Utilizing this alternating pattern will subdue the light colors and blend them all into the camo pattern. For example, if you paint the last layer as Khaki, you will have a pattern that makes the khaki stand out over all the other colors making it non-subdued or less realistic. Does it really matter if you alternate though... probably not, but it is my prefference and what works for me. After you practice it a few times, you will find a groove that works for you. While we are discussing colors... DO NOT use too much black! It is over powering if used too much and off sets the color ratios. One of the reasons that the Marine Corps changed from the old Woodland Tricolor cammies was because the new digital pattern was more difficult to pick out the pattern and had less black in it. That is up to ones own opinion/interpetation as well... but obviously the other services followed suit and began doing the same using similar digital patterns, so we must have been on the right track Black is not a color that can be found in nature, meaning naturally occuring. You have shadows, and items that appear black, but nothing is a solid black. That is a Sniper trick when looking for camouflaged persnnel in the field.
As far as what brush technique to use, I just let the brush go where it wants to when adding the other colors over the base color if that makes any sense. If you try to make it look too perfect, it will just end up looking like you tried too hard and come out unnatural. Again, this is something you will have to practice on to see how and when to apply pressure to the brush to form the various shapes and patterns. There is really not established pattern in painting camouflage... only when they print it out on actual military uniforms. I would suggest taking a look at camo patterns online, just do an image search in google for camouflage and you will find a few that you can study to see how the various patterns mesh together.

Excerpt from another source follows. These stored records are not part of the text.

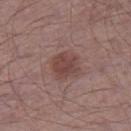  biopsy_status: not biopsied; imaged during a skin examination
  image:
    source: total-body photography crop
    field_of_view_mm: 15
  automated_metrics:
    area_mm2_approx: 8.5
    eccentricity: 0.2
    shape_asymmetry: 0.15
    border_irregularity_0_10: 1.5
    nevus_likeness_0_100: 15
  site: right thigh
  lighting: white-light
  lesion_size:
    long_diameter_mm_approx: 3.0
  patient:
    sex: male
    age_approx: 65
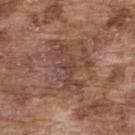Imaged during a routine full-body skin examination; the lesion was not biopsied and no histopathology is available. Automated tile analysis of the lesion measured a lesion color around L≈43 a*≈20 b*≈25 in CIELAB and a lesion–skin lightness drop of about 7. The analysis additionally found a border-irregularity index near 8/10, a color-variation rating of about 2/10, and peripheral color asymmetry of about 0.5. The software also gave a classifier nevus-likeness of about 0/100 and a lesion-detection confidence of about 80/100. This image is a 15 mm lesion crop taken from a total-body photograph. The subject is a male in their mid-70s. On the back. Captured under white-light illumination. The lesion's longest dimension is about 5.5 mm.
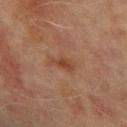This lesion was catalogued during total-body skin photography and was not selected for biopsy. From the left upper arm. A roughly 15 mm field-of-view crop from a total-body skin photograph. A male patient, aged 68 to 72. Captured under cross-polarized illumination.
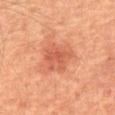Notes:
* workup: catalogued during a skin exam; not biopsied
* acquisition: 15 mm crop, total-body photography
* lesion diameter: ~4 mm (longest diameter)
* anatomic site: the abdomen
* patient: male, aged around 65
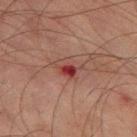notes: imaged on a skin check; not biopsied | illumination: cross-polarized illumination | diameter: about 3.5 mm | image source: 15 mm crop, total-body photography | body site: the left thigh | subject: male, in their mid-70s | automated metrics: a lesion area of about 5.5 mm², an eccentricity of roughly 0.8, and two-axis asymmetry of about 0.45; roughly 9 lightness units darker than nearby skin; internal color variation of about 10 on a 0–10 scale; a classifier nevus-likeness of about 0/100.
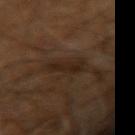The total-body-photography lesion software estimated a lesion area of about 5.5 mm² and a symmetry-axis asymmetry near 0.35. The analysis additionally found a within-lesion color-variation index near 1.5/10 and radial color variation of about 0.5. And it measured an automated nevus-likeness rating near 0 out of 100 and lesion-presence confidence of about 75/100.
The lesion's longest dimension is about 4 mm.
This is a cross-polarized tile.
A male subject, aged approximately 60.
On the right arm.
This image is a 15 mm lesion crop taken from a total-body photograph.
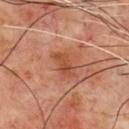notes = total-body-photography surveillance lesion; no biopsy.
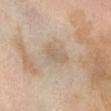Impression: This lesion was catalogued during total-body skin photography and was not selected for biopsy. Acquisition and patient details: Longest diameter approximately 3 mm. Imaged with cross-polarized lighting. A male patient, in their mid-50s. From the right forearm. A region of skin cropped from a whole-body photographic capture, roughly 15 mm wide.
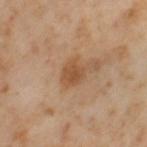Captured during whole-body skin photography for melanoma surveillance; the lesion was not biopsied. Captured under cross-polarized illumination. The lesion is located on the left thigh. An algorithmic analysis of the crop reported a mean CIELAB color near L≈52 a*≈20 b*≈35 and roughly 9 lightness units darker than nearby skin. It also reported a border-irregularity index near 2.5/10 and a peripheral color-asymmetry measure near 1. And it measured a classifier nevus-likeness of about 55/100 and a lesion-detection confidence of about 100/100. The patient is a female in their mid- to late 50s. A 15 mm close-up tile from a total-body photography series done for melanoma screening. The recorded lesion diameter is about 2.5 mm.
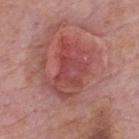The lesion was tiled from a total-body skin photograph and was not biopsied. The tile uses white-light illumination. On the upper back. A male subject aged around 75. An algorithmic analysis of the crop reported a shape-asymmetry score of about 0.3 (0 = symmetric). The analysis additionally found a mean CIELAB color near L≈48 a*≈30 b*≈24, about 9 CIELAB-L* units darker than the surrounding skin, and a lesion-to-skin contrast of about 6.5 (normalized; higher = more distinct). And it measured border irregularity of about 4.5 on a 0–10 scale and a peripheral color-asymmetry measure near 2.5. The software also gave a classifier nevus-likeness of about 0/100 and a lesion-detection confidence of about 100/100. A lesion tile, about 15 mm wide, cut from a 3D total-body photograph. Longest diameter approximately 6.5 mm.
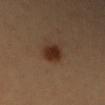Impression:
The lesion was photographed on a routine skin check and not biopsied; there is no pathology result.
Background:
Captured under cross-polarized illumination. A female subject aged 33–37. Located on the right upper arm. The lesion's longest dimension is about 3.5 mm. This image is a 15 mm lesion crop taken from a total-body photograph.
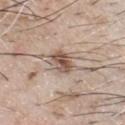Assessment: Recorded during total-body skin imaging; not selected for excision or biopsy. Image and clinical context: From the front of the torso. The patient is a male in their mid-60s. Cropped from a whole-body photographic skin survey; the tile spans about 15 mm. The lesion's longest dimension is about 3.5 mm. Automated tile analysis of the lesion measured a lesion area of about 7 mm², an eccentricity of roughly 0.65, and a shape-asymmetry score of about 0.25 (0 = symmetric). And it measured a lesion color around L≈54 a*≈15 b*≈25 in CIELAB, roughly 13 lightness units darker than nearby skin, and a normalized border contrast of about 9. The analysis additionally found border irregularity of about 2.5 on a 0–10 scale, a color-variation rating of about 5.5/10, and peripheral color asymmetry of about 1.5. It also reported a detector confidence of about 100 out of 100 that the crop contains a lesion. Captured under white-light illumination.
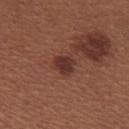Q: Is there a histopathology result?
A: catalogued during a skin exam; not biopsied
Q: Automated lesion metrics?
A: an area of roughly 5.5 mm², a shape eccentricity near 0.45, and two-axis asymmetry of about 0.3; a lesion color around L≈34 a*≈22 b*≈23 in CIELAB, a lesion–skin lightness drop of about 9, and a lesion-to-skin contrast of about 8.5 (normalized; higher = more distinct); a border-irregularity index near 2.5/10, internal color variation of about 2.5 on a 0–10 scale, and peripheral color asymmetry of about 1; an automated nevus-likeness rating near 70 out of 100
Q: Where on the body is the lesion?
A: the upper back
Q: Patient demographics?
A: female, aged 23 to 27
Q: What lighting was used for the tile?
A: white-light
Q: How was this image acquired?
A: total-body-photography crop, ~15 mm field of view
Q: Lesion size?
A: about 3 mm
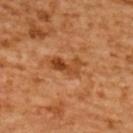Part of a total-body skin-imaging series; this lesion was reviewed on a skin check and was not flagged for biopsy. Located on the upper back. A female patient, in their mid-50s. A close-up tile cropped from a whole-body skin photograph, about 15 mm across. An algorithmic analysis of the crop reported a lesion area of about 6 mm², a shape eccentricity near 0.9, and a symmetry-axis asymmetry near 0.35. It also reported border irregularity of about 4.5 on a 0–10 scale and a color-variation rating of about 7.5/10. This is a cross-polarized tile. The recorded lesion diameter is about 4 mm.
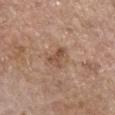This lesion was catalogued during total-body skin photography and was not selected for biopsy. Imaged with white-light lighting. Located on the left forearm. A close-up tile cropped from a whole-body skin photograph, about 15 mm across. The lesion's longest dimension is about 3.5 mm. A female subject in their mid- to late 60s.
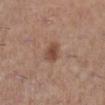The lesion is on the right lower leg.
A female patient, about 45 years old.
Cropped from a total-body skin-imaging series; the visible field is about 15 mm.
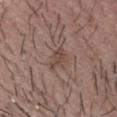Captured during whole-body skin photography for melanoma surveillance; the lesion was not biopsied. The total-body-photography lesion software estimated a lesion–skin lightness drop of about 8 and a normalized border contrast of about 6.5. The software also gave border irregularity of about 3.5 on a 0–10 scale and peripheral color asymmetry of about 0.5. About 3 mm across. The patient is a male aged 28 to 32. A 15 mm close-up extracted from a 3D total-body photography capture.
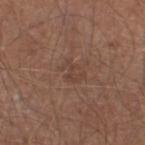Part of a total-body skin-imaging series; this lesion was reviewed on a skin check and was not flagged for biopsy.
The patient is a male approximately 65 years of age.
The recorded lesion diameter is about 2.5 mm.
The lesion is on the left lower leg.
A 15 mm close-up extracted from a 3D total-body photography capture.
Captured under white-light illumination.
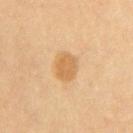<record>
  <biopsy_status>not biopsied; imaged during a skin examination</biopsy_status>
  <patient>
    <sex>male</sex>
    <age_approx>60</age_approx>
  </patient>
  <site>chest</site>
  <image>
    <source>total-body photography crop</source>
    <field_of_view_mm>15</field_of_view_mm>
  </image>
</record>
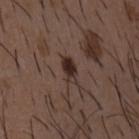biopsy status: no biopsy performed (imaged during a skin exam)
subject: male, roughly 50 years of age
image source: total-body-photography crop, ~15 mm field of view
automated lesion analysis: an average lesion color of about L≈28 a*≈15 b*≈19 (CIELAB), roughly 11 lightness units darker than nearby skin, and a normalized border contrast of about 11; a border-irregularity index near 3.5/10; a nevus-likeness score of about 90/100 and a detector confidence of about 100 out of 100 that the crop contains a lesion
lighting: white-light
lesion size: ~3.5 mm (longest diameter)
anatomic site: the chest
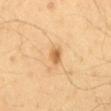Q: Was a biopsy performed?
A: catalogued during a skin exam; not biopsied
Q: What is the lesion's diameter?
A: ≈2 mm
Q: What lighting was used for the tile?
A: cross-polarized
Q: What is the imaging modality?
A: total-body-photography crop, ~15 mm field of view
Q: Patient demographics?
A: male, roughly 65 years of age
Q: Where on the body is the lesion?
A: the mid back
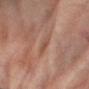Q: Was this lesion biopsied?
A: catalogued during a skin exam; not biopsied
Q: What kind of image is this?
A: 15 mm crop, total-body photography
Q: Where on the body is the lesion?
A: the right forearm
Q: Patient demographics?
A: female, aged around 80
Q: How large is the lesion?
A: about 3 mm
Q: How was the tile lit?
A: cross-polarized illumination
Q: What did automated image analysis measure?
A: an eccentricity of roughly 0.9 and a shape-asymmetry score of about 0.2 (0 = symmetric); a lesion color around L≈43 a*≈19 b*≈25 in CIELAB and a normalized lesion–skin contrast near 5; a color-variation rating of about 1.5/10 and a peripheral color-asymmetry measure near 0.5; a nevus-likeness score of about 0/100 and lesion-presence confidence of about 95/100
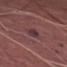Assessment: Recorded during total-body skin imaging; not selected for excision or biopsy. Clinical summary: From the left thigh. The patient is a male aged 73 to 77. Automated tile analysis of the lesion measured an area of roughly 4 mm², an eccentricity of roughly 0.9, and a shape-asymmetry score of about 0.25 (0 = symmetric). The analysis additionally found a border-irregularity index near 3/10, a color-variation rating of about 2/10, and radial color variation of about 0.5. It also reported a lesion-detection confidence of about 95/100. A close-up tile cropped from a whole-body skin photograph, about 15 mm across.
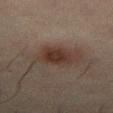<case>
<biopsy_status>not biopsied; imaged during a skin examination</biopsy_status>
<lesion_size>
  <long_diameter_mm_approx>3.0</long_diameter_mm_approx>
</lesion_size>
<site>leg</site>
<patient>
  <sex>male</sex>
  <age_approx>50</age_approx>
</patient>
<image>
  <source>total-body photography crop</source>
  <field_of_view_mm>15</field_of_view_mm>
</image>
<lighting>cross-polarized</lighting>
<automated_metrics>
  <area_mm2_approx>6.5</area_mm2_approx>
  <eccentricity>0.15</eccentricity>
  <shape_asymmetry>0.2</shape_asymmetry>
  <border_irregularity_0_10>2.0</border_irregularity_0_10>
  <peripheral_color_asymmetry>1.0</peripheral_color_asymmetry>
  <lesion_detection_confidence_0_100>100</lesion_detection_confidence_0_100>
</automated_metrics>
</case>
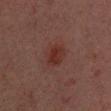| feature | finding |
|---|---|
| follow-up | catalogued during a skin exam; not biopsied |
| image source | 15 mm crop, total-body photography |
| patient | male, aged 28 to 32 |
| site | the chest |

BRUSHES and PAINTS. Probably the key ingedient of the process... I primarily use Tamiya Acrylic paints. They have a lot of colors to chose from and all of the above listed can be found in their line up. I ahve also used Citidel Paints, but they have some weird names and I don't like using a color witha weird name for something that I know the actual name for... i.e. Olive Green (Tamiya) vs. Goblin Sweat Green or something similarly named (Citidel Paints). I just recently tried using Testors Model Master Acrylics and I am thruroghly impressed with the paint quality, unfortunately the local hobby shop does not carry that line and it is a tad more expensive than Tamiya. In order to get the paint to flow so well and produce a smooth looking finish, I use Windex to thin the paints. You can use water, but I have found that Windex just mixes easier with the Acrylics and produces the best looking finish. I don't have an actual mixing ratio, but it is easy to figure out when it is too watery. It doesn't take much to make it work though. Windex can also be used to clean your brushes, this saves money over buying a little 2 ounce jar of thinner that will cost $3.00 when you can get a huge bottle of Windex for the same price. On to the BRUSHES. I use Crafter's Choice by Royal & Langnickel. They are inexpensive and can be found at Michael's craft stores. They come in four packs and have a no-slip rubber grip near the brush end. I have the Golden Taklon Detail set in size 10/0, 5/0, 3/0, and 0; and the Round set that has a size 1, 3, 5, and 6. I use the Detail 0 and Round 3 size for camo work. I think that I paid like $8 total for both sets of brushes.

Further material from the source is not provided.